━━━ Records for this exercise

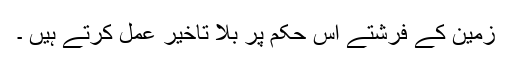
زمین کے فرشتے اس حکم پر بلا تاخیر عمل کرتے ہیں ۔
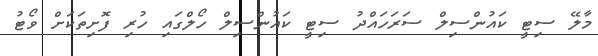
މާލޭ ސިޓީ ކައުންސިލް ސަރަހައްދު ސިޓީ ކައުންސިލް ހޯލްގައި ހުރި ފޮށިތަކަށް ވޯޓު
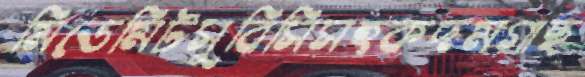
মিডেমিটসুবিসিসহকদমগাছ
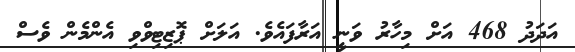
އަދަދު 468 އަށް މިހާރު ވަނީ އަރާފައެވެ. އަލަށް ޕޮޒިޓިވްވި އެންމެން ވެސް
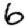
Digit: 6
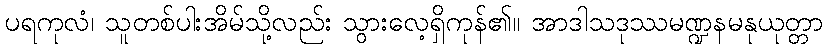
ပရကုလံ၊ သူတစ်ပါးအိမ်သို့လည်း သွားလေ့ရှိကုန်၏။ အာဒါသဒုဿမဏ္ဍနမနုယုတ္တာ
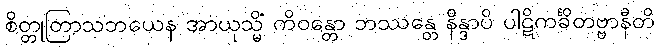
စိတ္တုတြာသဘယေန အာယုသ္မိံ ကိဝန္တော ဘဿန္တေ နိန္ဒာပိ ပါဋိကင်္ခိတဗ္ဗာနီတိ
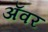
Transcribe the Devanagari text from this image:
अॅवर
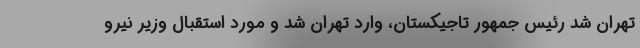
تهران شد رئیس جمهور تاجیکستان، وارد تهران شد و مورد استقبال وزیر نیرو

━━━━━━

Brief: Beginning with the line that includes "އަދަދު 468 އަށް" and ending with the last line of the material, reproduce those lines exactly and nothing else, with no pictures.

Your solution:
އަދަދު 468 އަށް މިހާރު ވަނީ އަރާފައެވެ. އަލަށް ޕޮޒިޓިވްވި އެންމެން ވެސް
Digit: 6
ပရကုလံ၊ သူတစ်ပါးအိမ်သို့လည်း သွားလေ့ရှိကုန်၏။ အာဒါသဒုဿမဏ္ဍနမနုယုတ္တာ
စိတ္တုတြာသဘယေန အာယုသ္မိံ ကိဝန္တော ဘဿန္တေ နိန္ဒာပိ ပါဋိကင်္ခိတဗ္ဗာနီတိ
Transcribe the Devanagari text from this image:
अॅवर
تهران شد رئیس جمهور تاجیکستان، وارد تهران شد و مورد استقبال وزیر نیرو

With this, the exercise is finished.